-- Problem statement --
Retype the lines from the first one in the records down to the line containing "gabe repräsentirt seyen.", counting both, and leave out any pictures.

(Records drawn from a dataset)
----
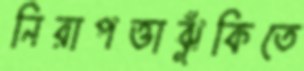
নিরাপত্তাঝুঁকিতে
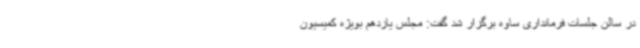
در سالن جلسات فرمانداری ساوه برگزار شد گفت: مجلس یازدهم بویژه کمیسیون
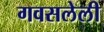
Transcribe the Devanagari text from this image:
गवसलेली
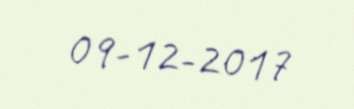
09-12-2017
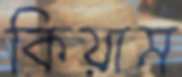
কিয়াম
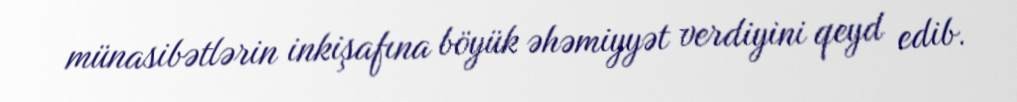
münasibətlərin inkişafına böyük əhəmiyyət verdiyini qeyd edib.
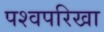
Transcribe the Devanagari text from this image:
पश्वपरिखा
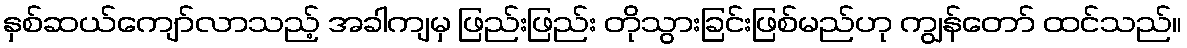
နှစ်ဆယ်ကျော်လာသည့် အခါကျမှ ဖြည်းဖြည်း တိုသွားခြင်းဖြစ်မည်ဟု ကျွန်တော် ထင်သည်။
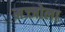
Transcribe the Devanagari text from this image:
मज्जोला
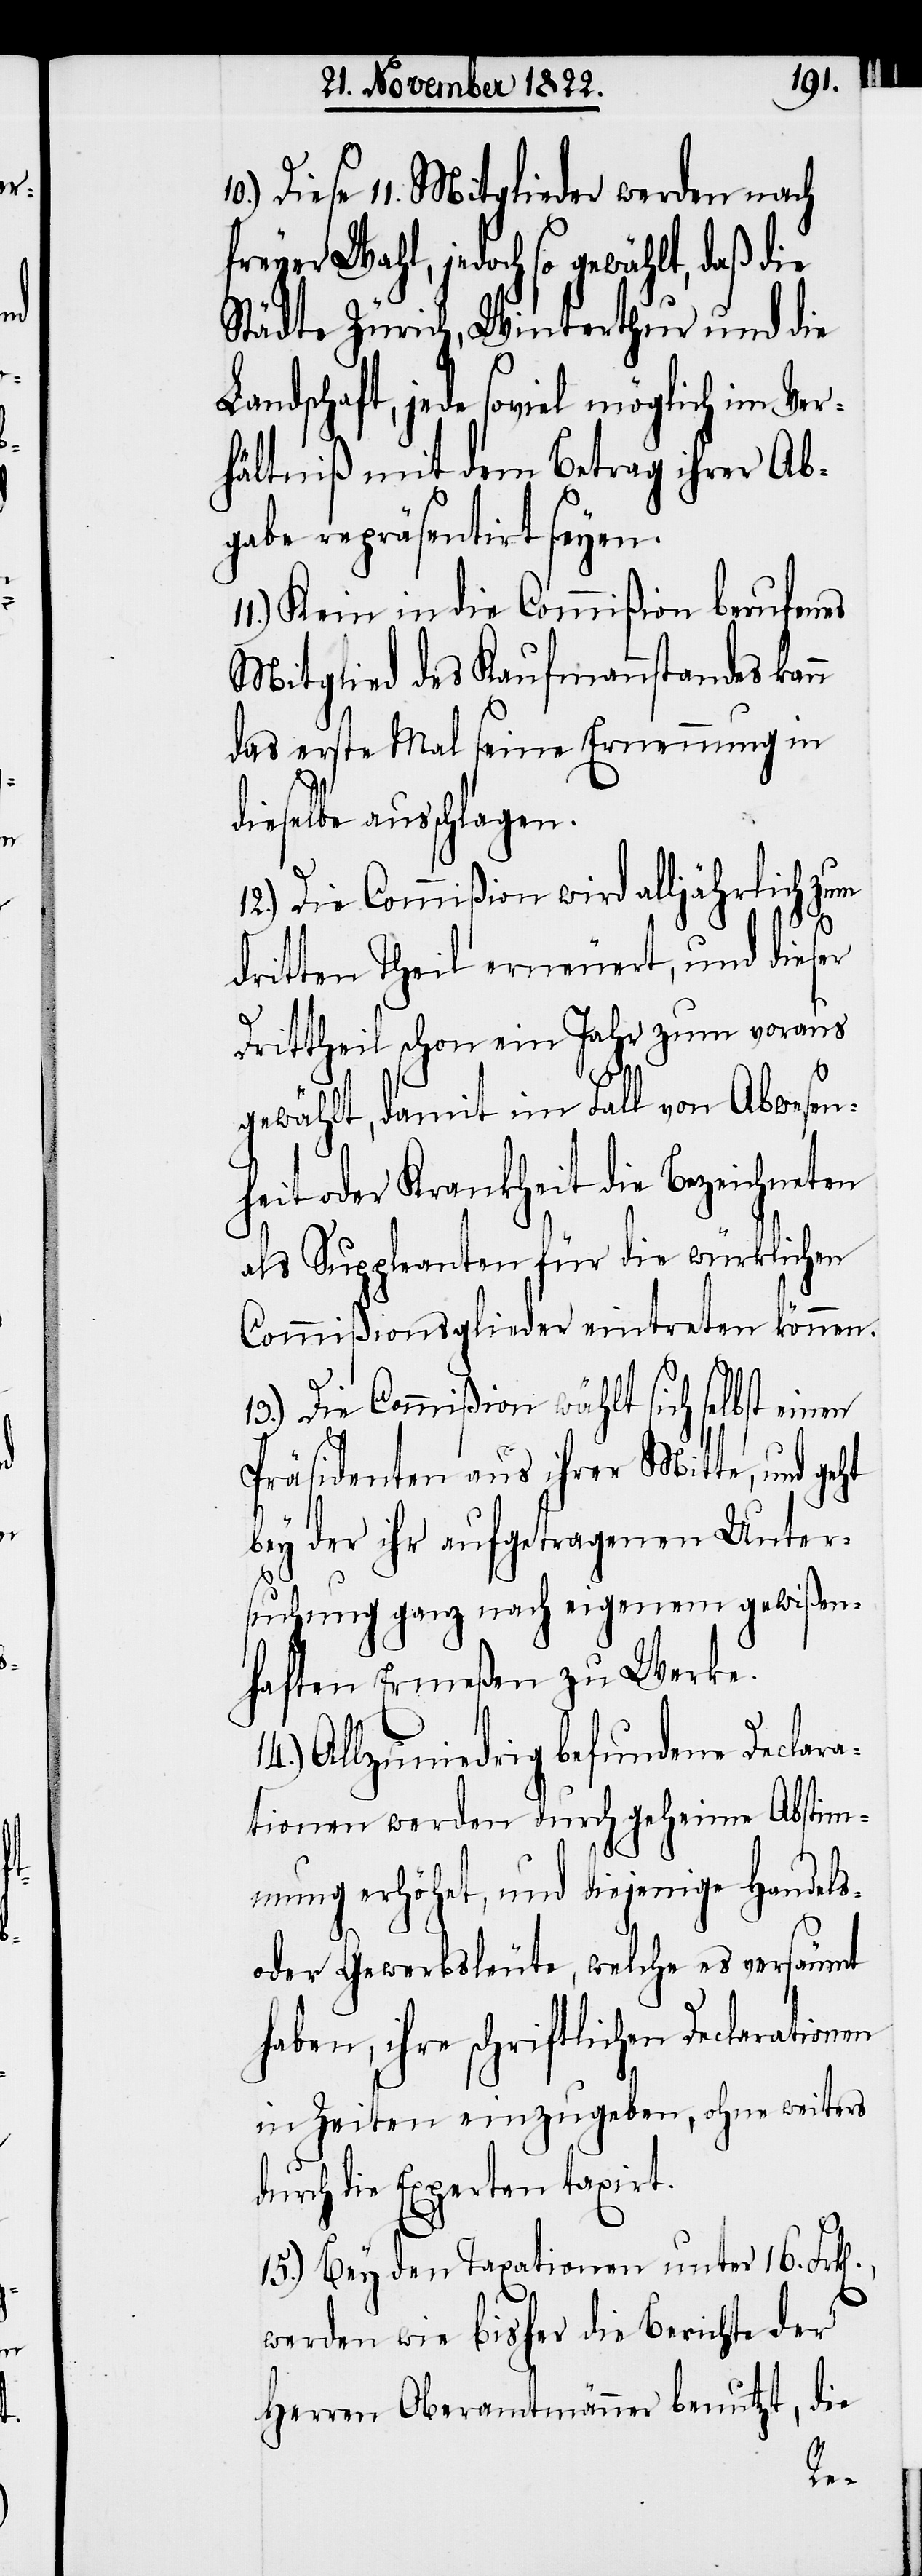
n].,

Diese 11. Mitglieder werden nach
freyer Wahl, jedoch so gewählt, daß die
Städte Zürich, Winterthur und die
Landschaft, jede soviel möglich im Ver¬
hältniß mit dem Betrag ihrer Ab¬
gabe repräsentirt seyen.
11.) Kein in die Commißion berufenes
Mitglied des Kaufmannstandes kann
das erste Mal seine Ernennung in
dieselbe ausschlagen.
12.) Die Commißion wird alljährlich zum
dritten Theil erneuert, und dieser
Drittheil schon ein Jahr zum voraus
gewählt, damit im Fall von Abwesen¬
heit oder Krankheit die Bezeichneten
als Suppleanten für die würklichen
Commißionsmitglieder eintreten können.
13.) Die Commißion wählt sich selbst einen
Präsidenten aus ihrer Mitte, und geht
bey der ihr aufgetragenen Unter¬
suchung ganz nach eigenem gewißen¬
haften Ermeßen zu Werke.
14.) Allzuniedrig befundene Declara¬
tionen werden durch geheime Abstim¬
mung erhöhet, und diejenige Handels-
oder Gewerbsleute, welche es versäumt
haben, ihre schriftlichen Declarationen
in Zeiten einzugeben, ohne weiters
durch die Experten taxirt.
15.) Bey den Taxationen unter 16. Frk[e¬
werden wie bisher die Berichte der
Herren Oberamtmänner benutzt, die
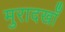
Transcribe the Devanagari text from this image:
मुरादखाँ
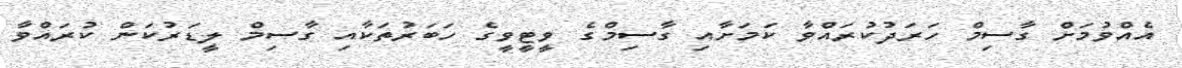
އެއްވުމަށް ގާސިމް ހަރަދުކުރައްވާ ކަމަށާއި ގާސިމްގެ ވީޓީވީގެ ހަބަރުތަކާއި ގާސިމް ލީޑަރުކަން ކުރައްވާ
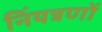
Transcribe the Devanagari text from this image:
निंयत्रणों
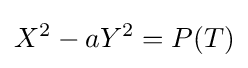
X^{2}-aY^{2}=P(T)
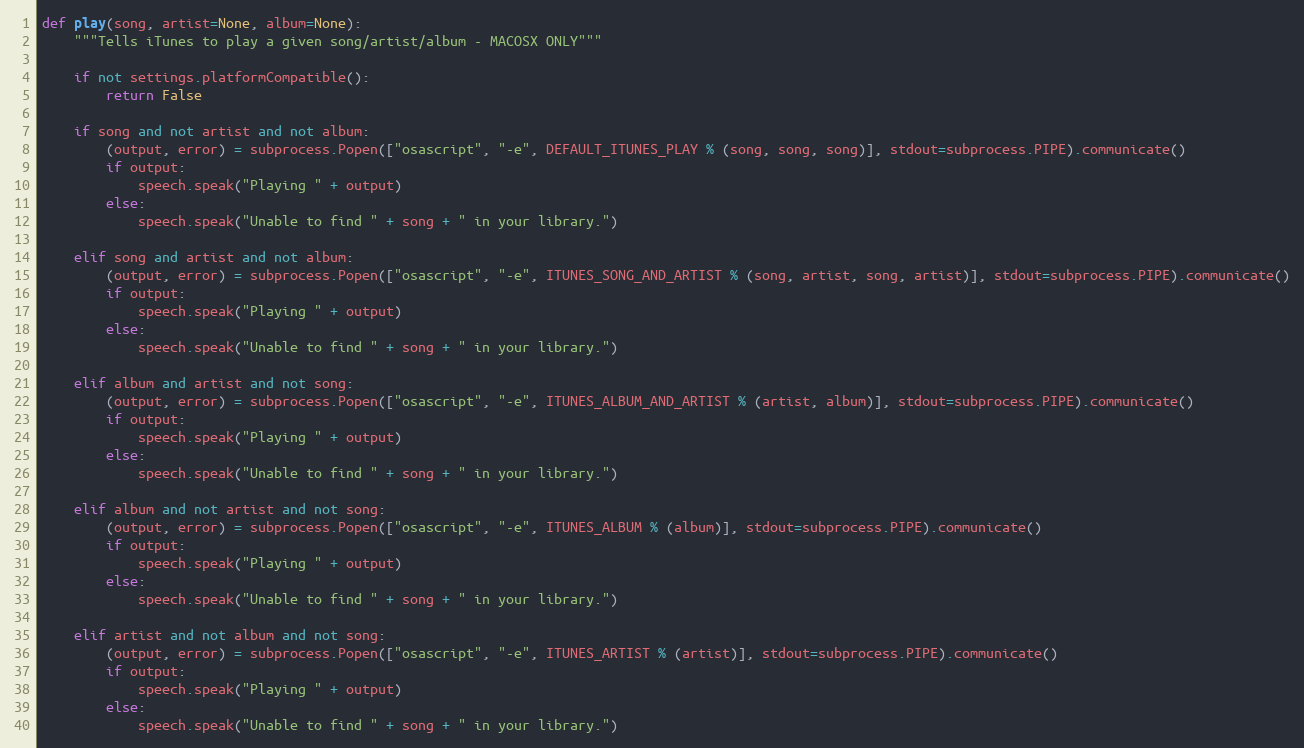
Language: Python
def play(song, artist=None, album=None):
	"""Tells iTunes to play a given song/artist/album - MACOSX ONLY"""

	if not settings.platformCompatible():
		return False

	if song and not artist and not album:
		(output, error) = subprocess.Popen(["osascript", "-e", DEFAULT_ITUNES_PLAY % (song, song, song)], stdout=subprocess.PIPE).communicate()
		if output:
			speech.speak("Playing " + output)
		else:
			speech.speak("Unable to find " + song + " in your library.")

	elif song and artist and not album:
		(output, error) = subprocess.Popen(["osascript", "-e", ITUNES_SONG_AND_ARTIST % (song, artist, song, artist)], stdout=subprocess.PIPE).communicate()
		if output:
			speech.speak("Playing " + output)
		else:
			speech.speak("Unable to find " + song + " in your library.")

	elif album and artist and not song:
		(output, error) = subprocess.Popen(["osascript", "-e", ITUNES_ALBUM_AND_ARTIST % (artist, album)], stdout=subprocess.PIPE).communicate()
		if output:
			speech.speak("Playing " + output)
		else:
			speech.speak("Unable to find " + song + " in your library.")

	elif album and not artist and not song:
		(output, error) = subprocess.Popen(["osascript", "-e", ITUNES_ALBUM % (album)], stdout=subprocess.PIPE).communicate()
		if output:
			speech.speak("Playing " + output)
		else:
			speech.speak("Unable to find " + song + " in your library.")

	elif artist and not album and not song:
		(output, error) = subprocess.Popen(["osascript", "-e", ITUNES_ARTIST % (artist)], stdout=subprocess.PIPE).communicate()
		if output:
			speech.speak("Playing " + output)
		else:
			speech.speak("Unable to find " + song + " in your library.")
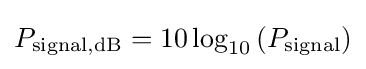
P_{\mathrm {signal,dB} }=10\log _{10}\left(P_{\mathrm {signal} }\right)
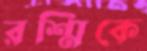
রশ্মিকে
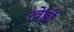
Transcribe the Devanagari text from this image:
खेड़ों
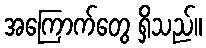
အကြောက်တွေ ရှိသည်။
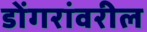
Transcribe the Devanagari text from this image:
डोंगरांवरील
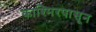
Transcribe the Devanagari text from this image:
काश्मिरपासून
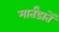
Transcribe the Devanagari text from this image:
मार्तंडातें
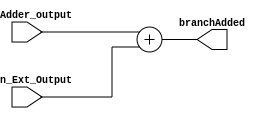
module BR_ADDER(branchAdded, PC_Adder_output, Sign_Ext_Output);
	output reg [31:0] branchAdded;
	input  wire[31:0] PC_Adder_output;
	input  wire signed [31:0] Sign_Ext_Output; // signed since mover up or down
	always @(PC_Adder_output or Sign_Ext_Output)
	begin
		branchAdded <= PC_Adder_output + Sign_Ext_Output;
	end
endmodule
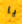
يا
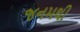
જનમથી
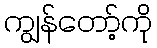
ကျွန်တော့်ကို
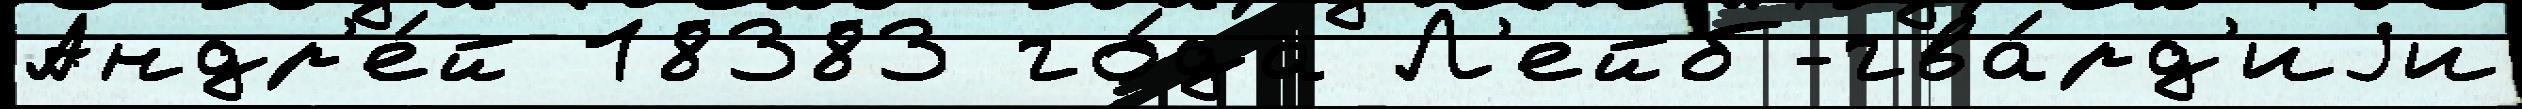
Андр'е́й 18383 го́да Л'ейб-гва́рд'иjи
----
-- Response to this exercise --
নিরাপত্তাঝুঁকিতে
در سالن جلسات فرمانداری ساوه برگزار شد گفت: مجلس یازدهم بویژه کمیسیون
Transcribe the Devanagari text from this image:
गवसलेली
09-12-2017
কিয়াম
münasibətlərin inkişafına böyük əhəmiyyət verdiyini qeyd edib.
Transcribe the Devanagari text from this image:
पश्वपरिखा
နှစ်ဆယ်ကျော်လာသည့် အခါကျမှ ဖြည်းဖြည်း တိုသွားခြင်းဖြစ်မည်ဟု ကျွန်တော် ထင်သည်။
Transcribe the Devanagari text from this image:
मज्जोला
n].,

Diese 11. Mitglieder werden nach
freyer Wahl, jedoch so gewählt, daß die
Städte Zürich, Winterthur und die
Landschaft, jede soviel möglich im Ver¬
hältniß mit dem Betrag ihrer Ab¬
gabe repräsentirt seyen.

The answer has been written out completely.